──────── TASK MATERIAL

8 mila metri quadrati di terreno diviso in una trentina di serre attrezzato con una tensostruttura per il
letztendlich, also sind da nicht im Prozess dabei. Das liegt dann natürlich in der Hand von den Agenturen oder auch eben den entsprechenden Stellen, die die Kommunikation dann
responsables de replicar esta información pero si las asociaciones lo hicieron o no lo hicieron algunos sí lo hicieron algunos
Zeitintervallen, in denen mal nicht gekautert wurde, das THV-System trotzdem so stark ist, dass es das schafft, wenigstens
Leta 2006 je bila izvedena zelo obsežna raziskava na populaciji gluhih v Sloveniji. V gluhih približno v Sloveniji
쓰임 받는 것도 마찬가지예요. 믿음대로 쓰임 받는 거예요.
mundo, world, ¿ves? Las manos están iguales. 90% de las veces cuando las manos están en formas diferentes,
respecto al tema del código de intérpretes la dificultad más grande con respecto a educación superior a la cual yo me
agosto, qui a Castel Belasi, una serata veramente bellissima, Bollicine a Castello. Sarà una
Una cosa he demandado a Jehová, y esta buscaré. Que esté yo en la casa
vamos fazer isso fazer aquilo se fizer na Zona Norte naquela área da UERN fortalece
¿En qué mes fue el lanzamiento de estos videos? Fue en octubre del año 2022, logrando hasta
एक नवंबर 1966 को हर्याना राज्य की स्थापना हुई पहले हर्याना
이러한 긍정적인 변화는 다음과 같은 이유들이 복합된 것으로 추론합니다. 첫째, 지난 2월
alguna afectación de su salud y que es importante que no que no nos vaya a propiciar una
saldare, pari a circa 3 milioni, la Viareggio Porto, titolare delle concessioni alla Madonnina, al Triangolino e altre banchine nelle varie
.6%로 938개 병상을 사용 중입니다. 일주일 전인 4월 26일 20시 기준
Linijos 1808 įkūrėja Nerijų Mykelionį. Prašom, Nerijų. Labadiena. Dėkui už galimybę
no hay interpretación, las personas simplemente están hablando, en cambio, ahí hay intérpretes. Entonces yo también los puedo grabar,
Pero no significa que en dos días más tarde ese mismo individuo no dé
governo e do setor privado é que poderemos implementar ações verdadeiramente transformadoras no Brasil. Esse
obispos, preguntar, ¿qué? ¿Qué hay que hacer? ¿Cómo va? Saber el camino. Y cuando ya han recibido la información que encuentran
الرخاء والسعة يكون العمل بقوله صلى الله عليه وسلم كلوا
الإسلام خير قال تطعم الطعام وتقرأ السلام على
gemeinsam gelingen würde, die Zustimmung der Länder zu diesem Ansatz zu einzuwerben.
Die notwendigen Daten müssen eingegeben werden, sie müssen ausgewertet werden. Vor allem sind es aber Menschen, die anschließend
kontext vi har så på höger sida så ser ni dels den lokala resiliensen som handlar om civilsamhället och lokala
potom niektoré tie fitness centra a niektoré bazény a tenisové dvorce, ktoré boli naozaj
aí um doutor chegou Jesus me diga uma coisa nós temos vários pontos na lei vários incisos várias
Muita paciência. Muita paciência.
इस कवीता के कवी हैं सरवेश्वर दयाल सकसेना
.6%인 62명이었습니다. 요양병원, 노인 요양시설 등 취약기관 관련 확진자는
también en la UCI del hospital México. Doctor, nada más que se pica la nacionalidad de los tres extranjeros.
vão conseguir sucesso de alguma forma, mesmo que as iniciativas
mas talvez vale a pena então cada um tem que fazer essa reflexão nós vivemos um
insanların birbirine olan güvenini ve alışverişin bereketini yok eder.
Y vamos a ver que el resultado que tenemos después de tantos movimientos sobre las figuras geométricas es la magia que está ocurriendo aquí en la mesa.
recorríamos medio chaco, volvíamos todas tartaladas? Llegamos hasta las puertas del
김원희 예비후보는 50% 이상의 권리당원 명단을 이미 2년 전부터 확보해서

────────────────

All lines above from the line with "responsables de replicar" through the line with "Zeitintervallen, in denen", both included, are to be set down exactly, with nothing else.

## ANSWER
responsables de replicar esta información pero si las asociaciones lo hicieron o no lo hicieron algunos sí lo hicieron algunos
Zeitintervallen, in denen mal nicht gekautert wurde, das THV-System trotzdem so stark ist, dass es das schafft, wenigstens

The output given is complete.